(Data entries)
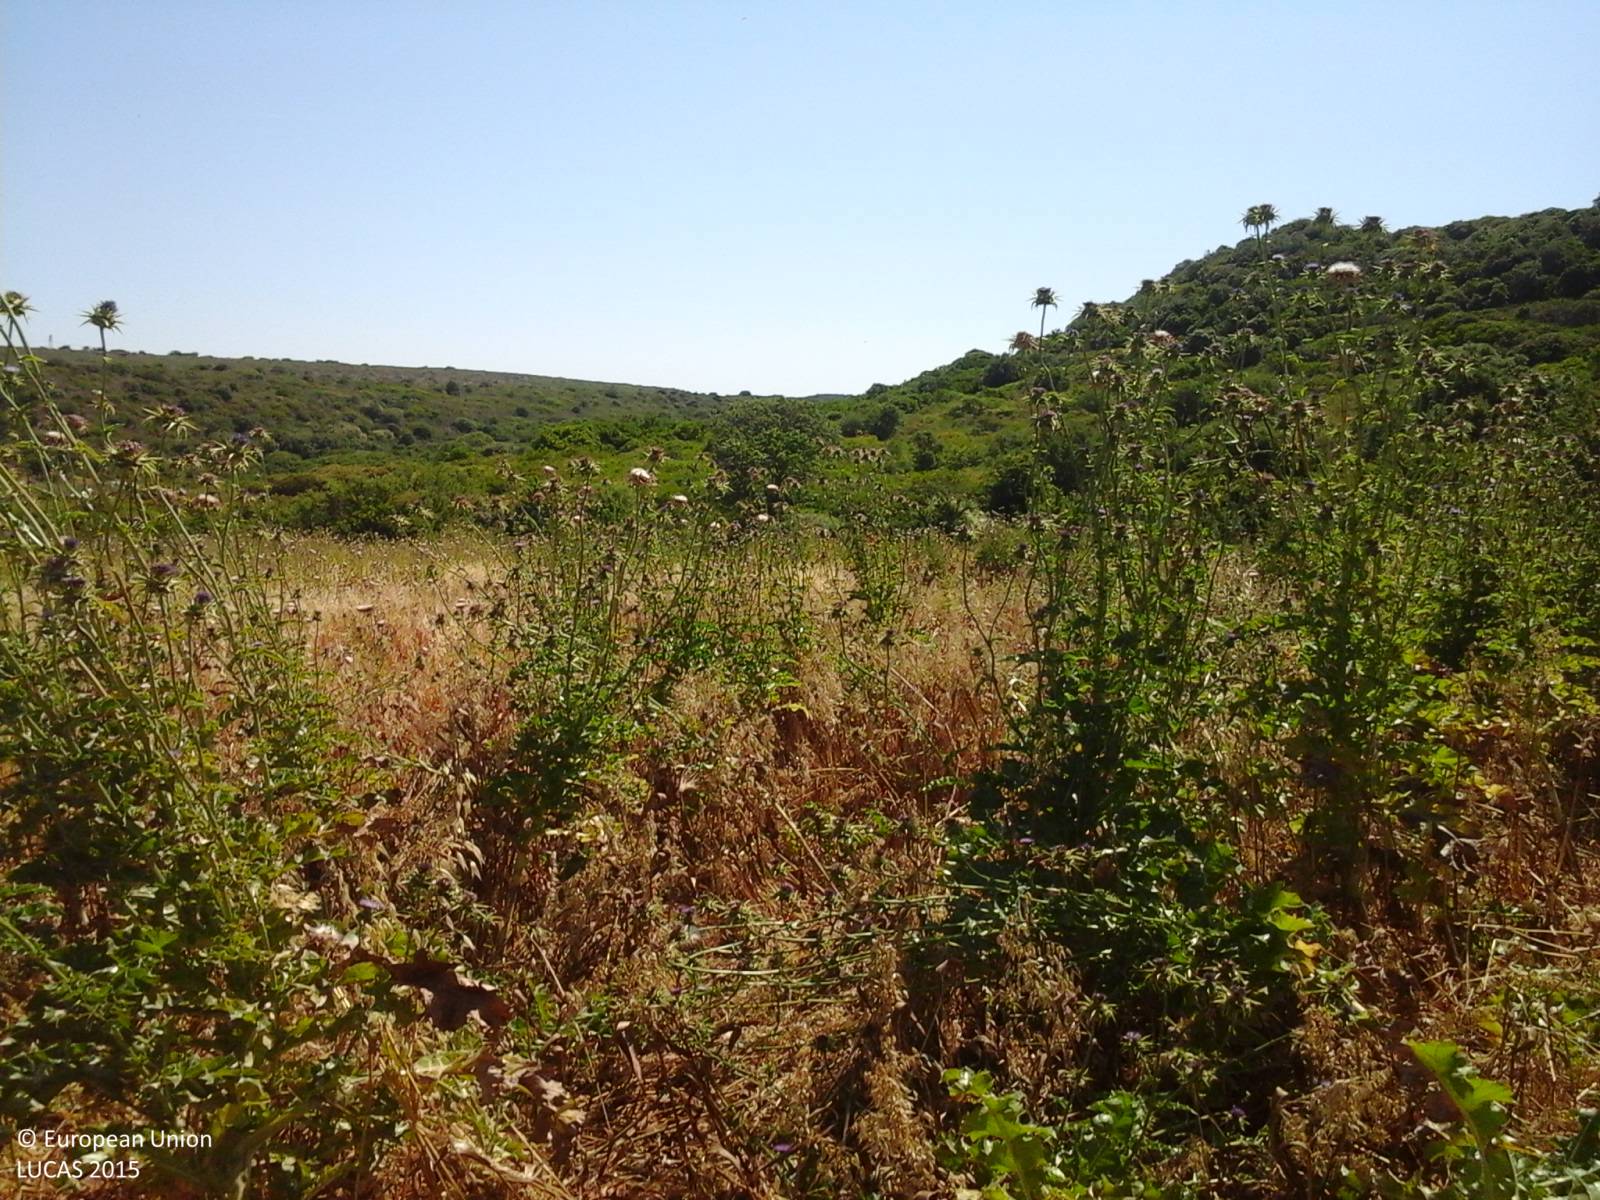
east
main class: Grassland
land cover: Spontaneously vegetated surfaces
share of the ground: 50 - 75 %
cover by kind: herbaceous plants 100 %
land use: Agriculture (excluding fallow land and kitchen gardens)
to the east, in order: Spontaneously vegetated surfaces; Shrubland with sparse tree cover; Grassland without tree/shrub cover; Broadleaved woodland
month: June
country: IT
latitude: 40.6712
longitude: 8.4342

### Brief
Return each record above as it stands. Pictures stay out.

### Task answer
east
main class: Grassland
land cover: Spontaneously vegetated surfaces
share of the ground: 50 - 75 %
cover by kind: herbaceous plants 100 %
land use: Agriculture (excluding fallow land and kitchen gardens)
to the east, in order: Spontaneously vegetated surfaces; Shrubland with sparse tree cover; Grassland without tree/shrub cover; Broadleaved woodland
month: June
country: IT
latitude: 40.6712
longitude: 8.4342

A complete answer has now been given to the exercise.